EXERCISE DETAILS:
Beginning at the line that includes "fill: #fff;", print each remaining line of the data word for word. Output nothing else.
═══ SOURCE MATERIAL ═══
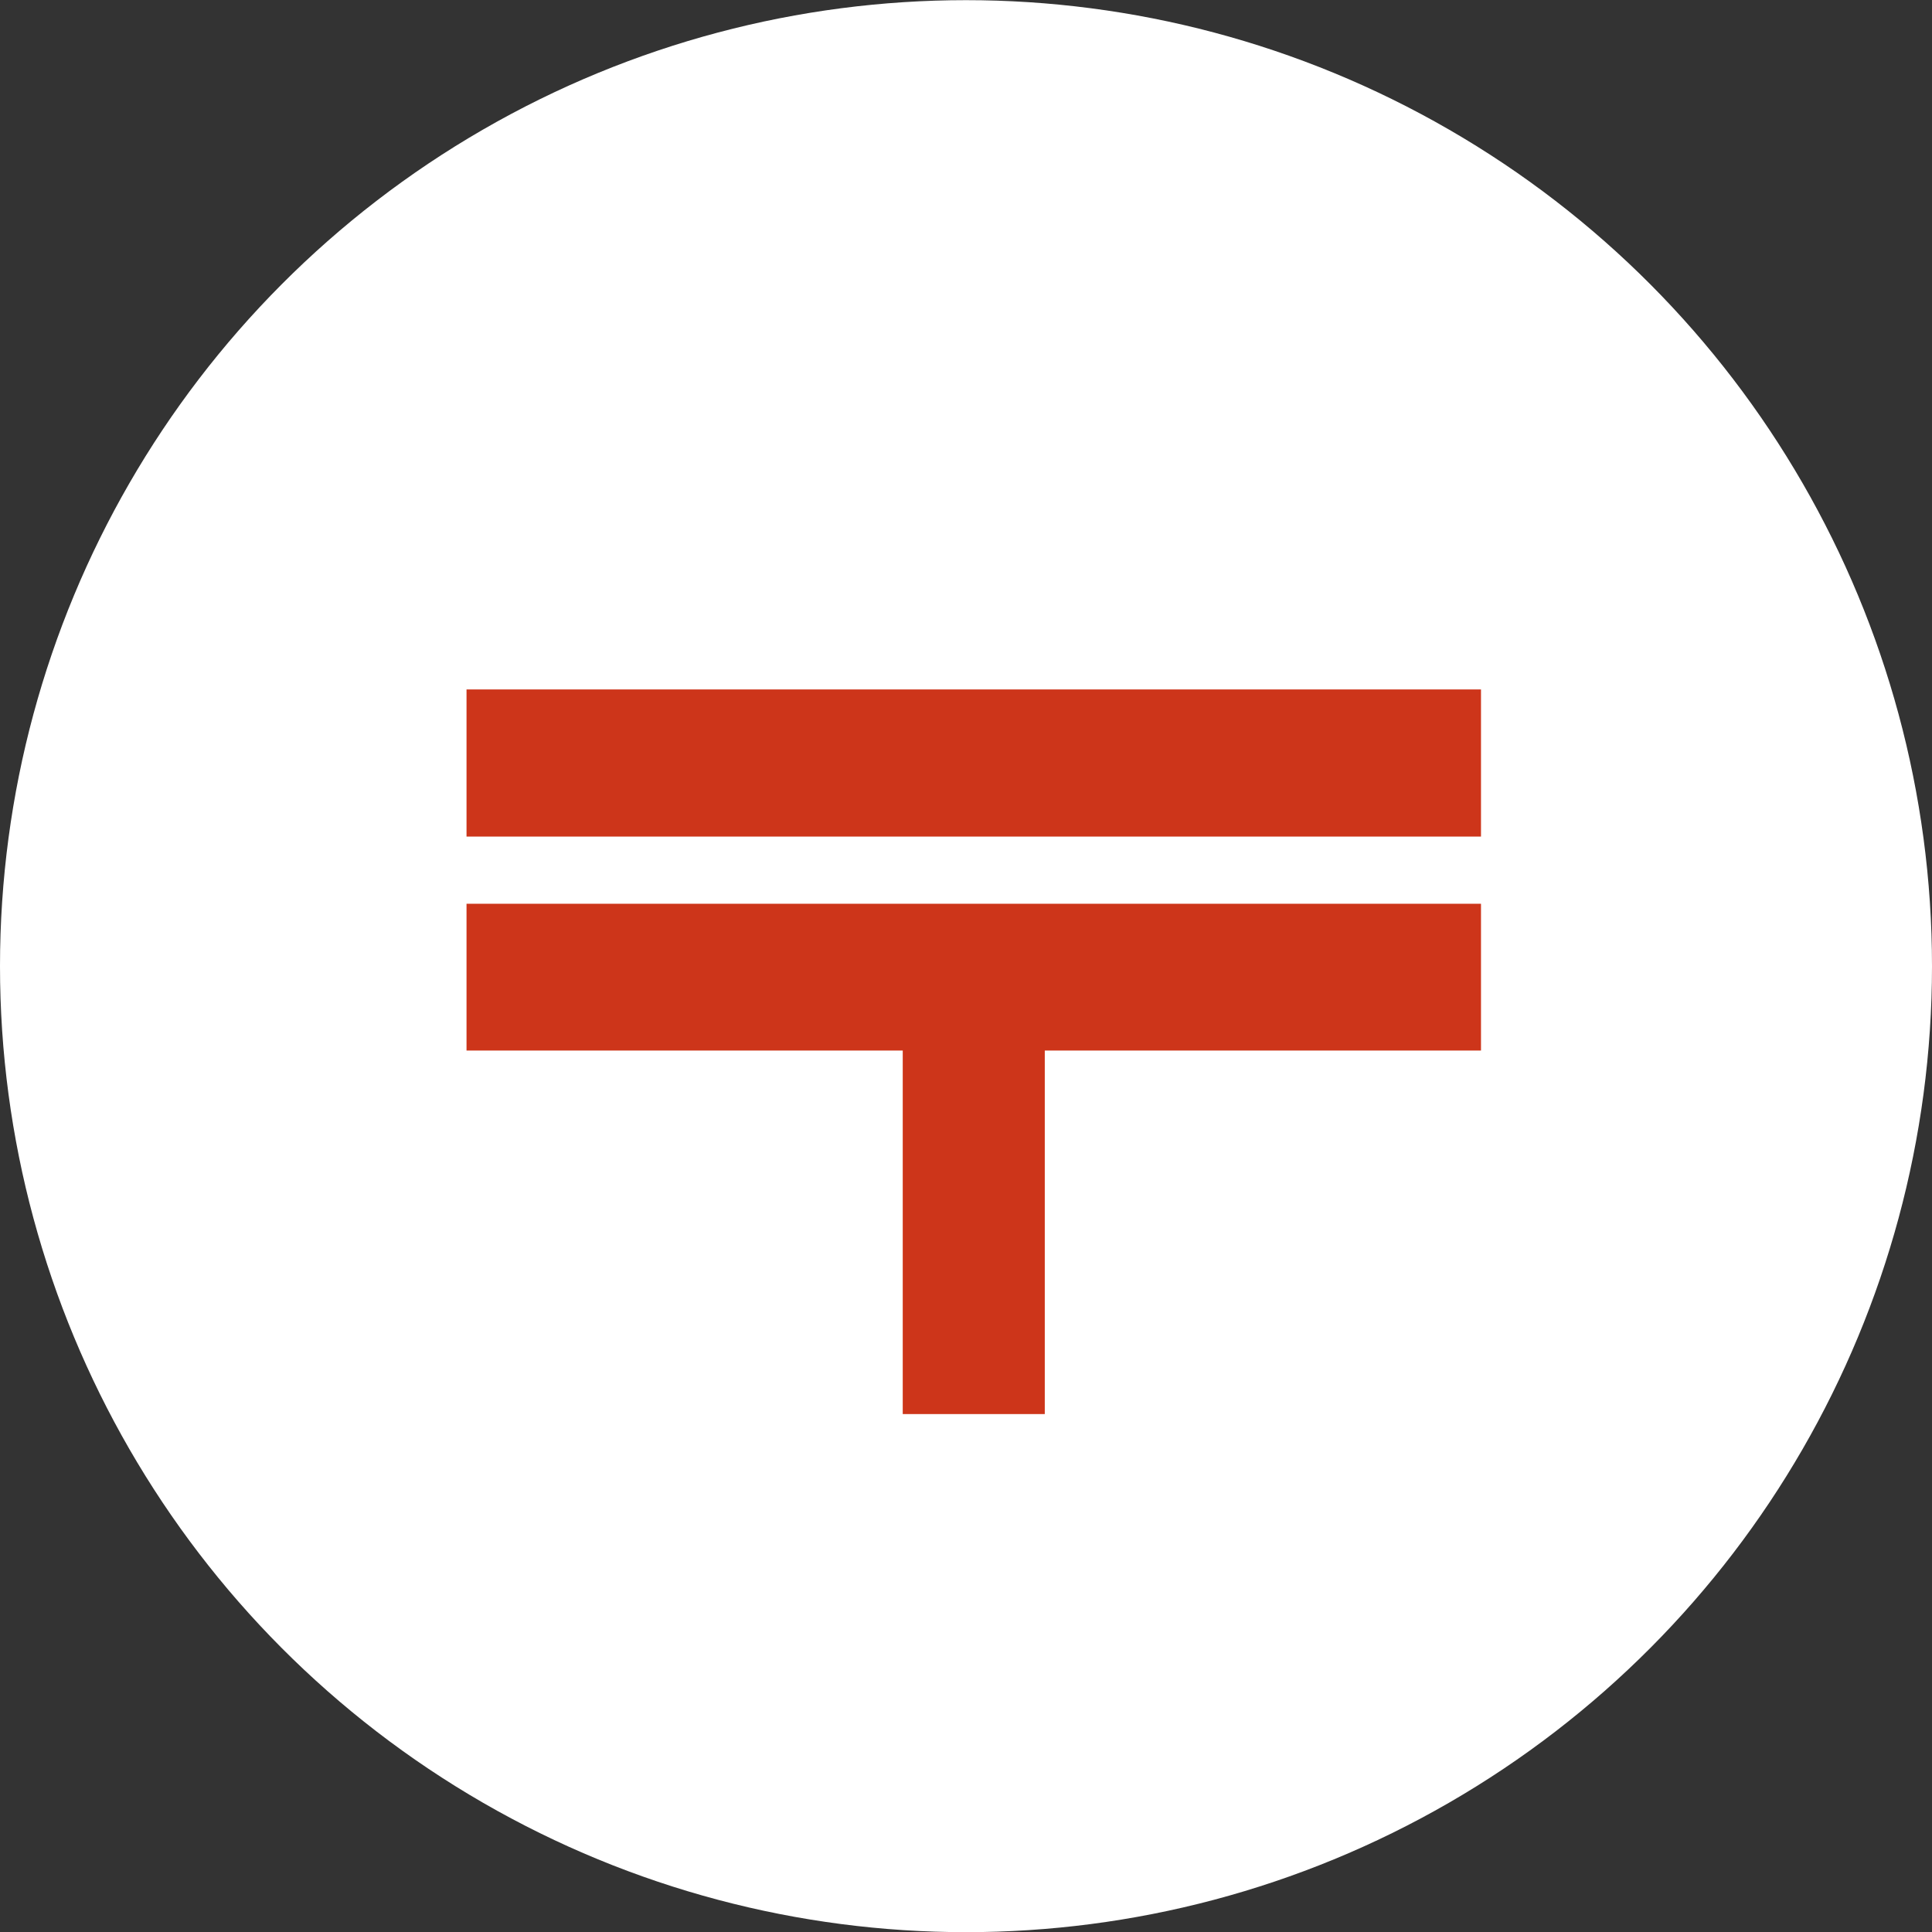 <svg id="services_icon-hd_02.svg" data-name="services/icon-hd_02.svg" xmlns="http://www.w3.org/2000/svg" width="48.312" height="48.32" viewBox="0 0 48.312 48.32">
  <rect x="0" y="0" width="48.312" height="48.32" fill="#333333" stroke="none"/>
  <defs>
    <style>
      .cls-1 {
        fill: #fff;
      }

      .cls-2 {
        fill: #cd351a;
        fill-rule: evenodd;
      }
    </style>
  </defs>
  <circle class="cls-1" cx="24.156" cy="24.16" r="24.156"/>
  <path class="cls-2" d="M213.51,1032.11h10.908v9.09h3.552v-9.09h10.908v-3.67H213.51v3.67Zm0-9.03v3.68h25.368v-3.68H213.51Z" transform="translate(-201.844 -1005.84)"/>
</svg>
═══
SOLVED PROBLEM:
        fill: #fff;
      }

      .cls-2 {
        fill: #cd351a;
        fill-rule: evenodd;
      }
    </style>
  </defs>
  <circle class="cls-1" cx="24.156" cy="24.16" r="24.156"/>
  <path class="cls-2" d="M213.51,1032.11h10.908v9.09h3.552v-9.09h10.908v-3.67H213.51v3.67Zm0-9.03v3.68h25.368v-3.68H213.51Z" transform="translate(-201.844 -1005.84)"/>
</svg>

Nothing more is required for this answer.